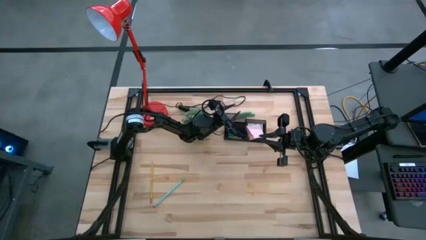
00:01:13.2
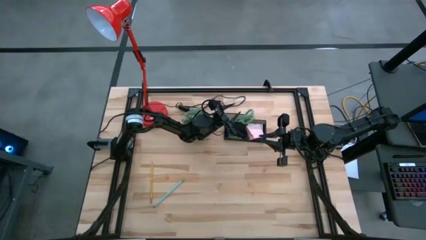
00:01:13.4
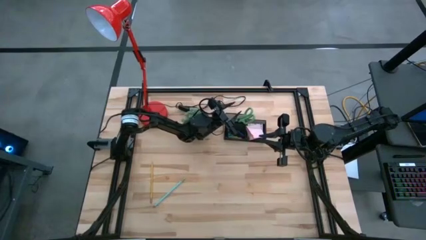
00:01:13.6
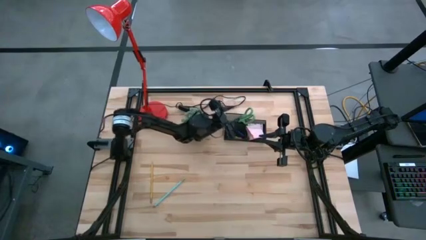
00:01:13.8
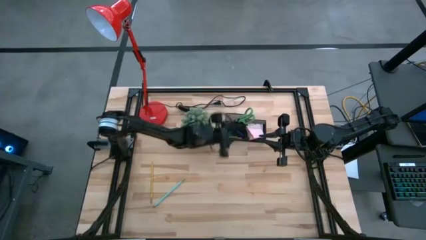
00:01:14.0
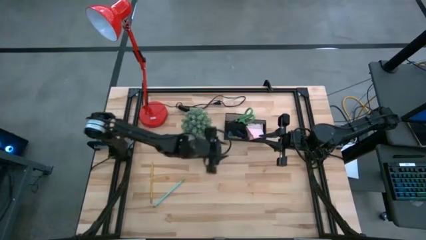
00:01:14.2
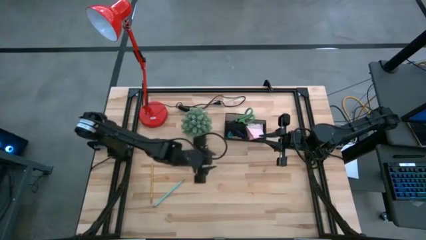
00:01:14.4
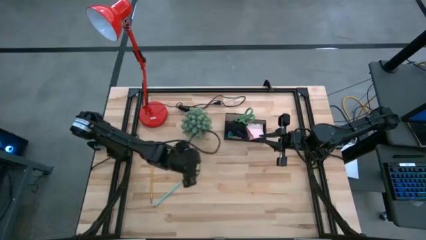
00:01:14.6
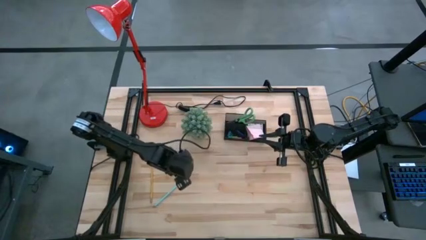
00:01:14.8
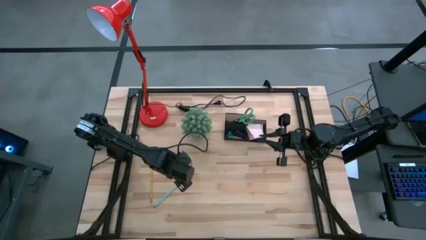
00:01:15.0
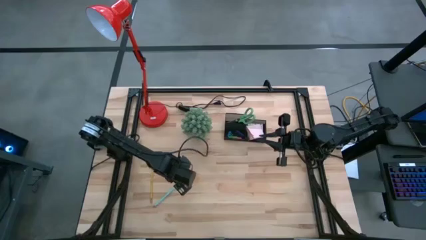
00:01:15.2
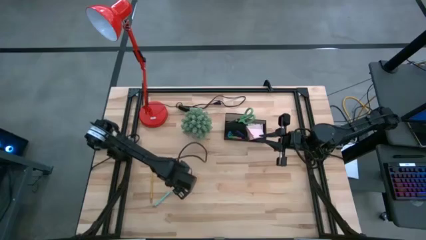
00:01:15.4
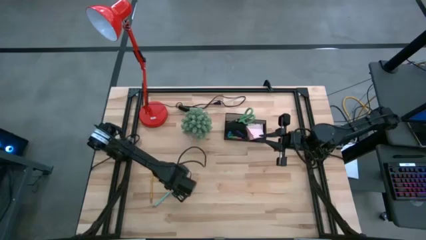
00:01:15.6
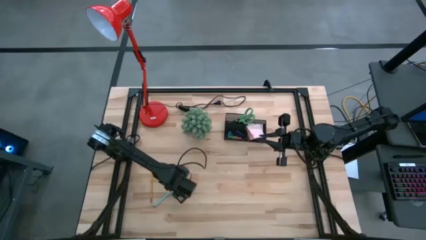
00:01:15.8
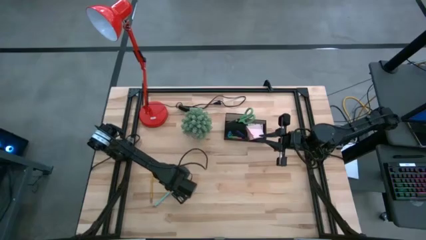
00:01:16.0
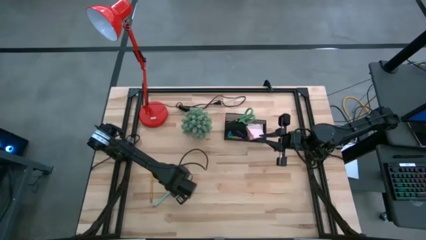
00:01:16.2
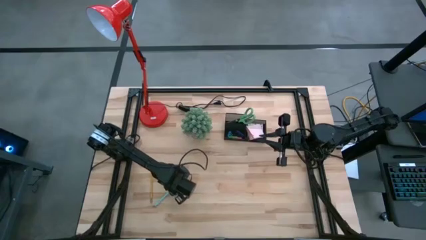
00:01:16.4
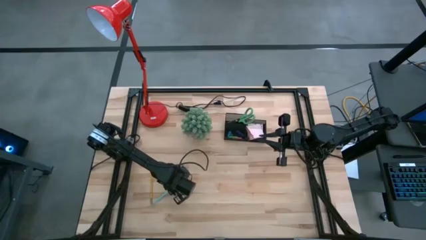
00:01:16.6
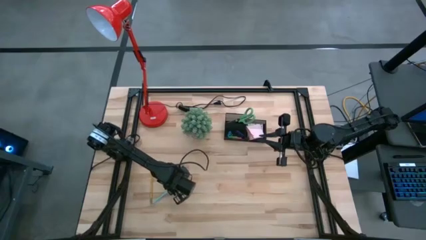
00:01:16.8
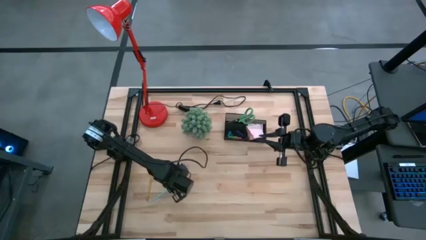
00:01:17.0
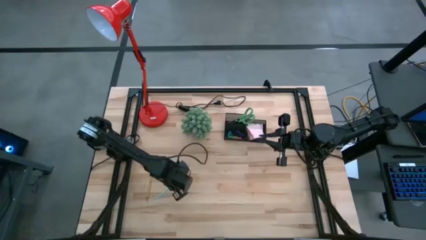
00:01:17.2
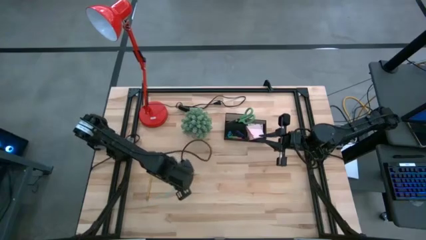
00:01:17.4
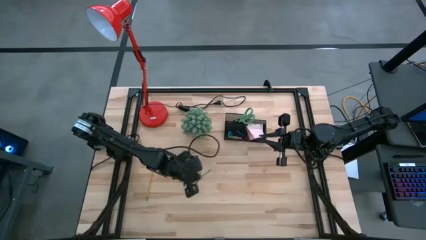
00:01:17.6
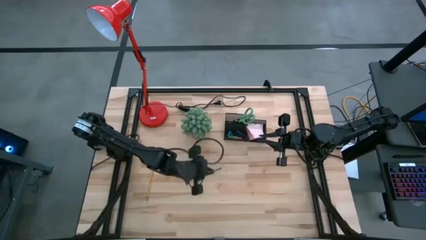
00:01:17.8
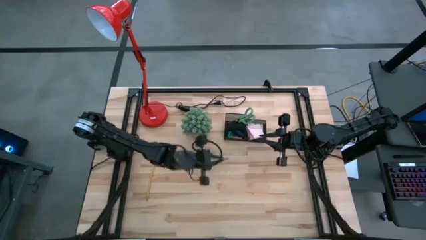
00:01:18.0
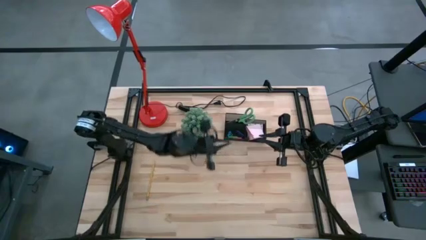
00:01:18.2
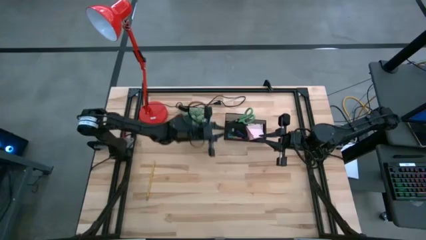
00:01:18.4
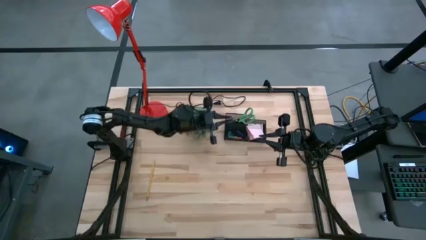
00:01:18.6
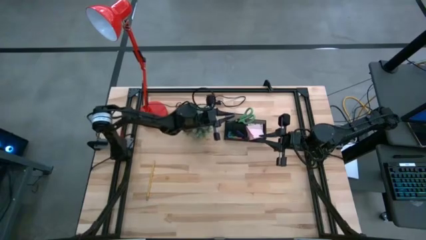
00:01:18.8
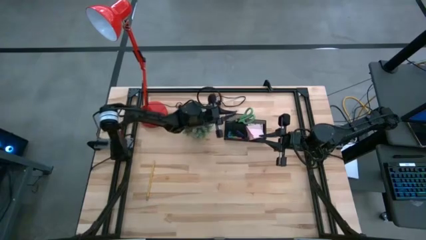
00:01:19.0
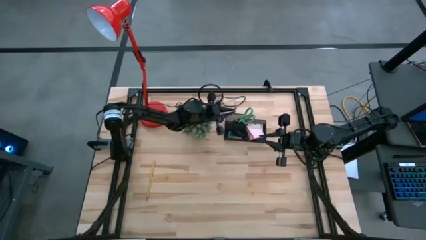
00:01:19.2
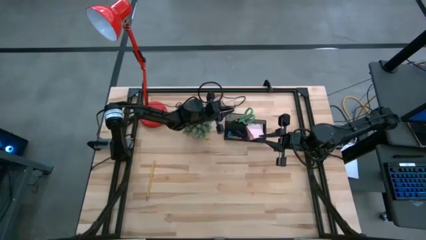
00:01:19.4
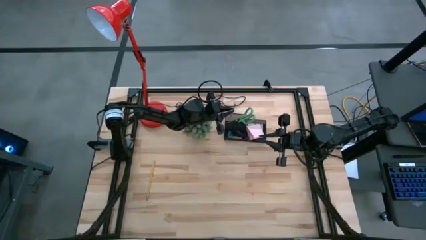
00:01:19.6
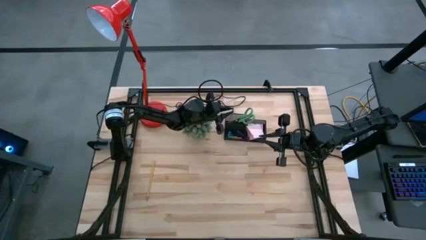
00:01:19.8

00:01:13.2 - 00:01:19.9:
Put the blue pencil into the black desk organizer

□ □ □ □ □ □ □

* PROBLEM STATEMENT *
Without the pictures, restate each entry exactly.

* WRITTEN ANSWER *
00:01:13.2
00:01:13.4
00:01:13.6
00:01:13.8
00:01:14.0
00:01:14.2
00:01:14.4
00:01:14.6
00:01:14.8
00:01:15.0
00:01:15.2
00:01:15.4
00:01:15.6
00:01:15.8
00:01:16.0
00:01:16.2
00:01:16.4
00:01:16.6
00:01:16.8
00:01:17.0
00:01:17.2
00:01:17.4
00:01:17.6
00:01:17.8
00:01:18.0
00:01:18.2
00:01:18.4
00:01:18.6
00:01:18.8
00:01:19.0
00:01:19.2
00:01:19.4
00:01:19.6
00:01:19.8

00:01:13.2 - 00:01:19.9:
Put the blue pencil into the black desk organizer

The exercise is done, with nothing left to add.